• Supplied records:
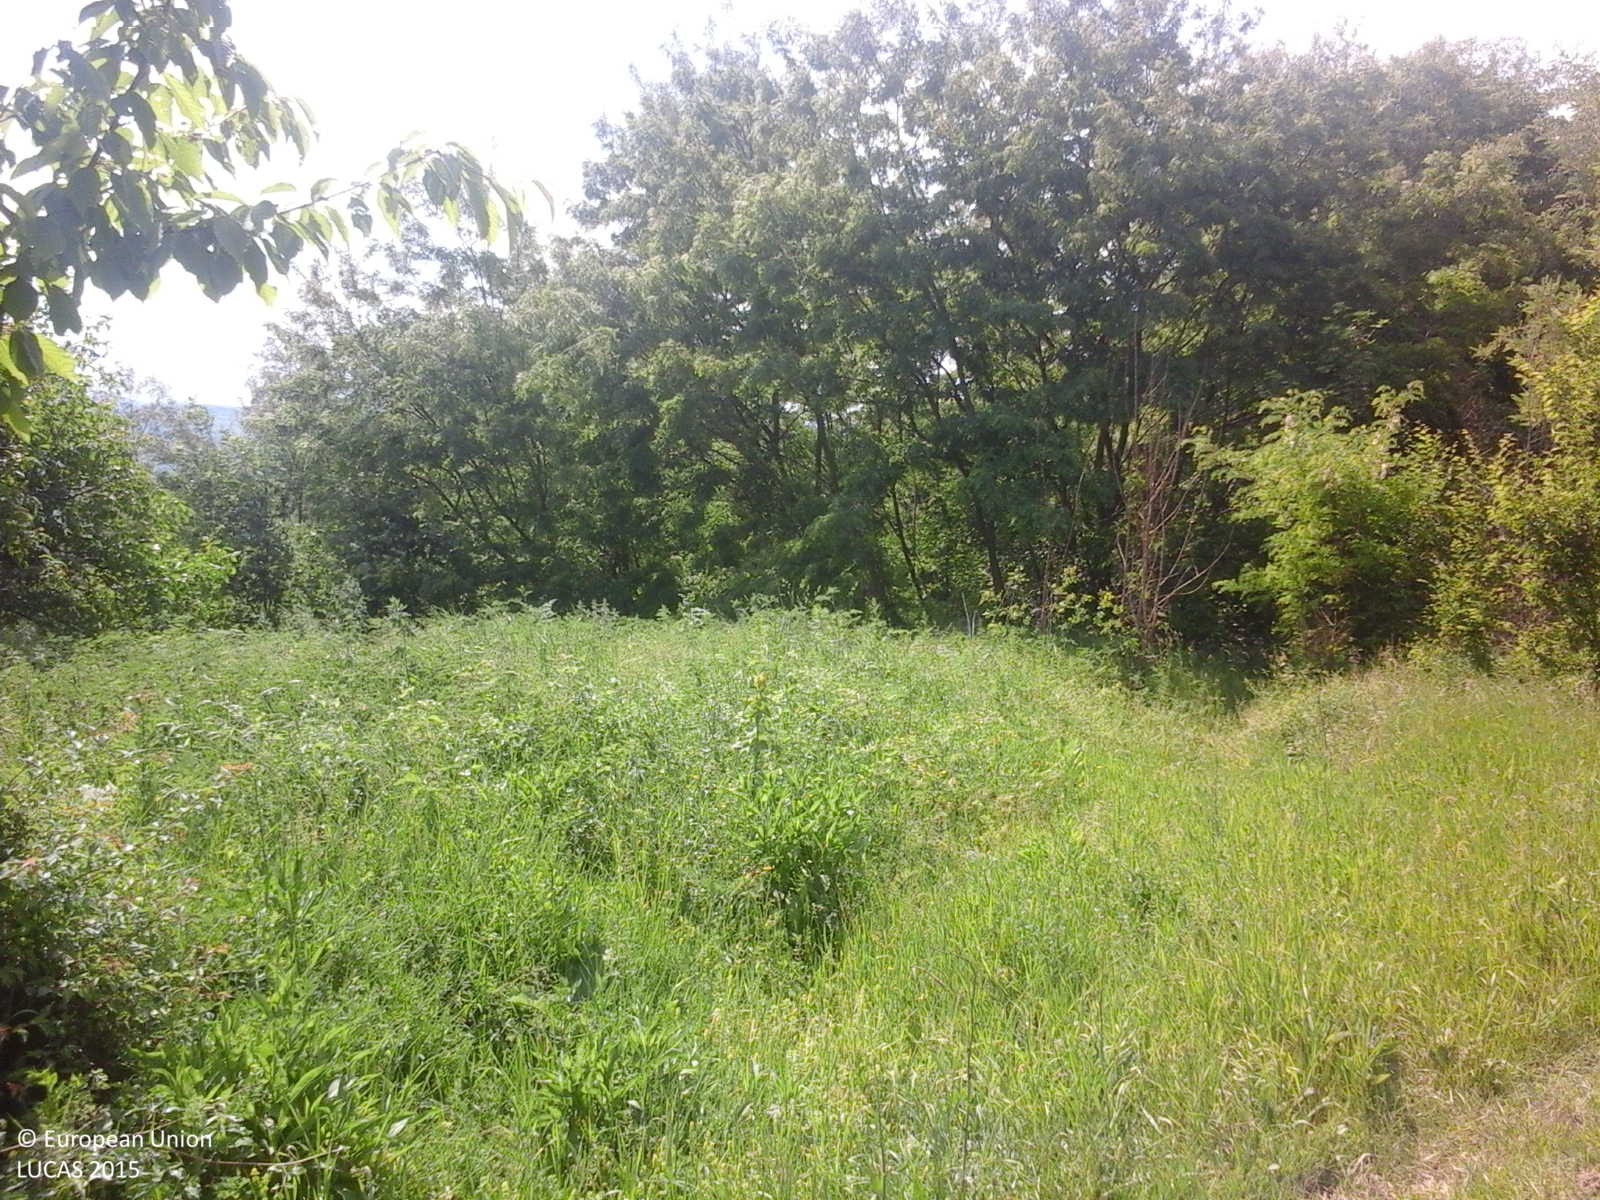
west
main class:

--

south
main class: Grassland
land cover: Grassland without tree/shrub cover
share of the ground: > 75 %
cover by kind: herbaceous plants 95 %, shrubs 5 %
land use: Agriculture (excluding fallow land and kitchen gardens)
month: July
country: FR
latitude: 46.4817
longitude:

---

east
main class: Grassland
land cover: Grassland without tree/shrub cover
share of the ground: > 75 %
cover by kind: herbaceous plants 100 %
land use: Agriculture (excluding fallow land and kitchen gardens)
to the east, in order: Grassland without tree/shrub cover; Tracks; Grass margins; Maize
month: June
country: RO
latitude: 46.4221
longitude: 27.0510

• Aim of the exercise: Starting with the line that holds "to the east, in" and ending with the line that holds "longitude: 27.0510", retype every line in the data above exactly, and nothing else.

• Answer to this exercise:
to the east, in order: Grassland without tree/shrub cover; Tracks; Grass margins; Maize
month: June
country: RO
latitude: 46.4221
longitude: 27.0510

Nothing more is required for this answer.